Spectra of Cardinality Queries over Description Logic Knowledge Bases
This work addresses a theoretical problem in knowledge representation and reasoning, providing incremental insights into query answering over ontologies.
The paper tackles the problem of computing and representing the spectra (sets of possible answers) of cardinality queries over Description Logic knowledge bases, identifying a class of queries with effectively representable spectra and showing that for most sublogics, spectra have simple shapes like intervals. It establishes the computational complexity of computing this representation as FP^NP[log]-complete.

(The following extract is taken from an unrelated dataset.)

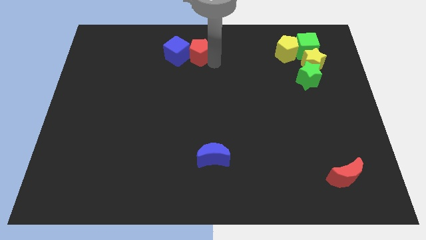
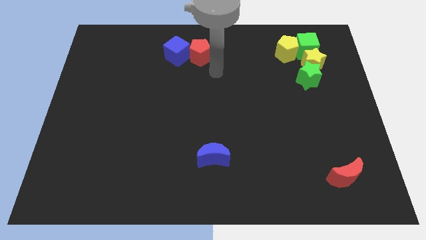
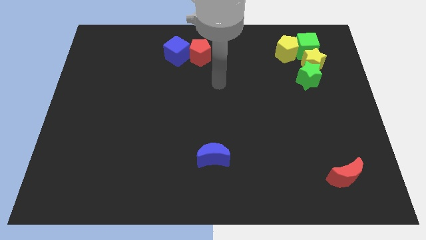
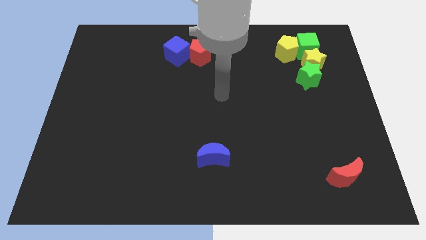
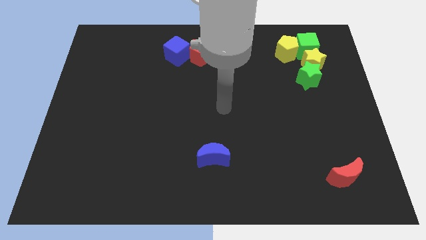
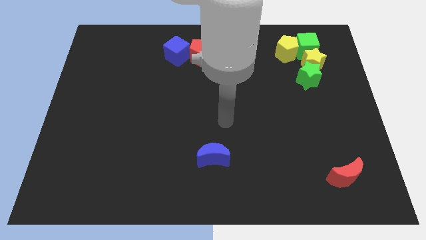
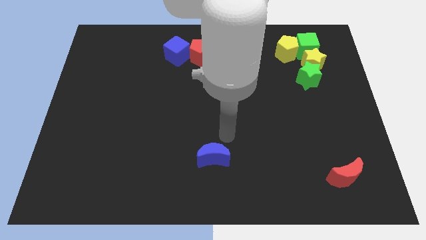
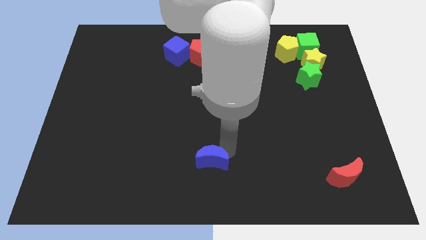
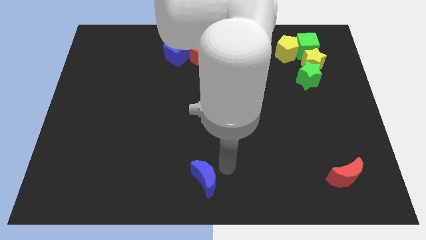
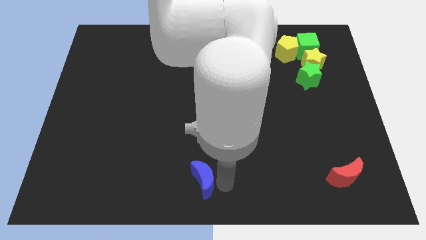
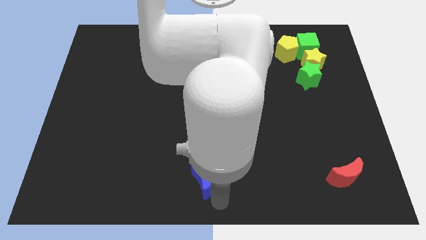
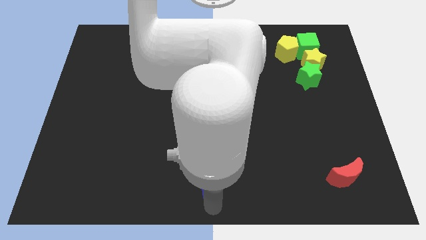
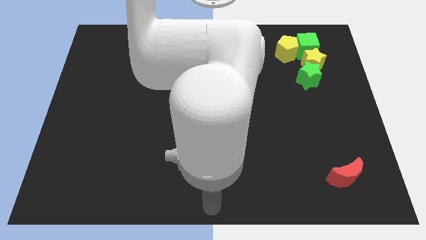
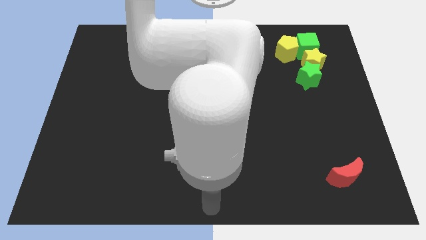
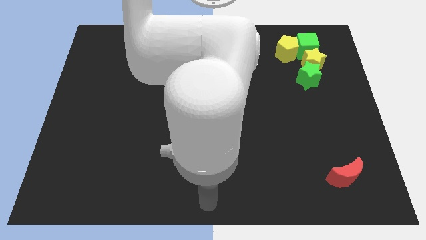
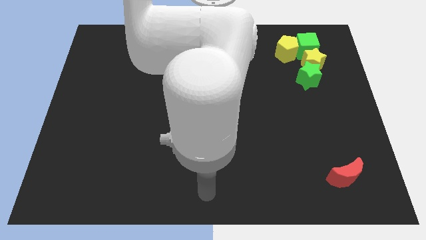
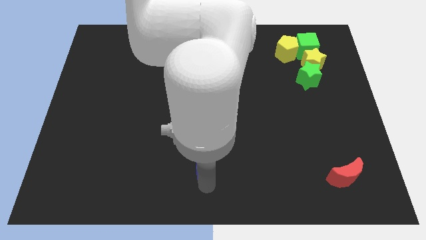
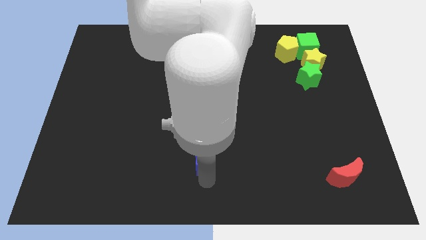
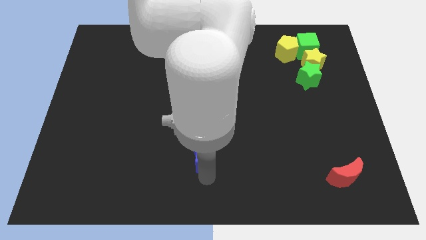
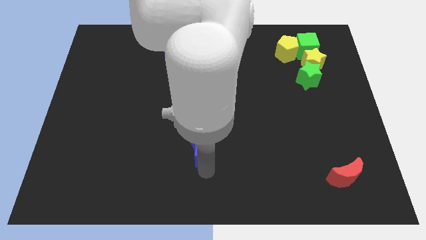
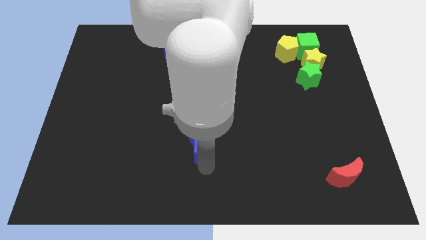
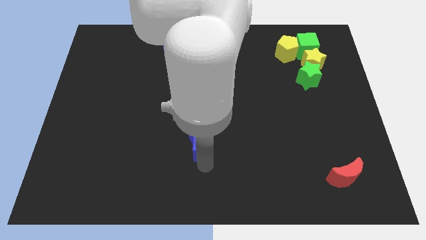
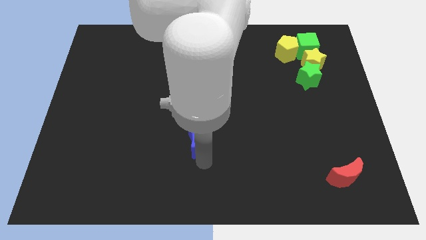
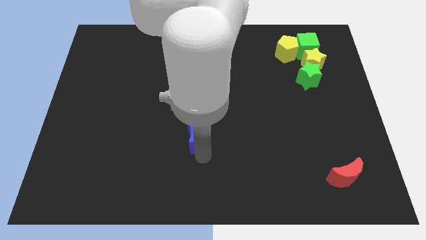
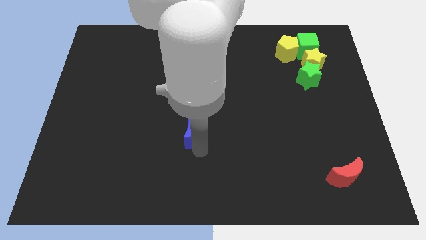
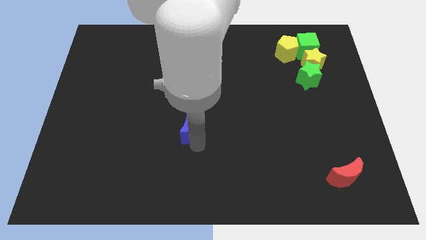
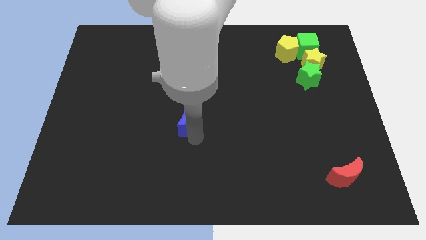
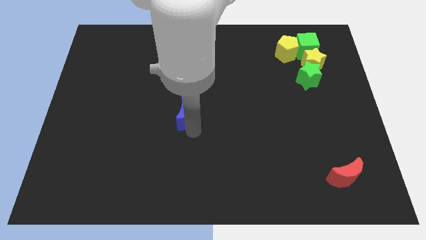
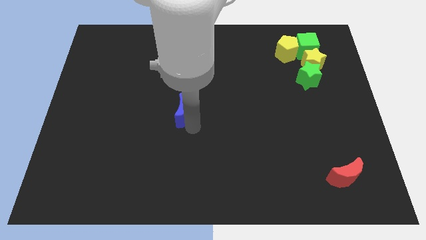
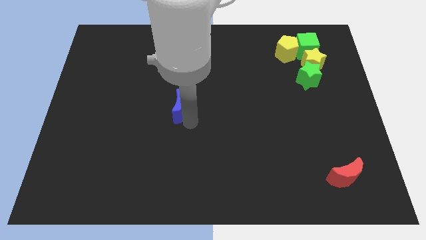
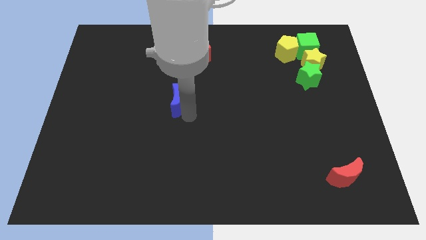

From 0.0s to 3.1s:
slide the blue moon towards the center of the board

Recent works have explored the use of counting queries coupled with Description Logic ontologies. The answer to such a query in a model of a knowledge base is either an integer or $\infty$, and its spectrum is the set of its answers over all models. While it is unclear how to compute and manipulate such a set in general, we identify a class of counting queries whose spectra can be effectively represented. Focusing on atomic counting queries, we pinpoint the possible shapes of a spectrum over $\mathcal{ALCIF}$ ontologies: they are essentially the subsets of $\mathbb{N} \cup \{ \infty \}$ closed under addition. For most sublogics of $\mathcal{ALCIF}$, we show that possible spectra enjoy simpler shapes, being $[ m, \infty ]$ or variations thereof. To obtain our results, we refine constructions used for finite model reasoning and notably rely on a cycle-reversion technique for the Horn fragment of $\mathcal{ALCIF}$. We also study the data complexity of computing the proposed effective representation and establish the $\mathsf{FP}^{\mathsf{NP}[\log]}$-completeness of this task under several settings.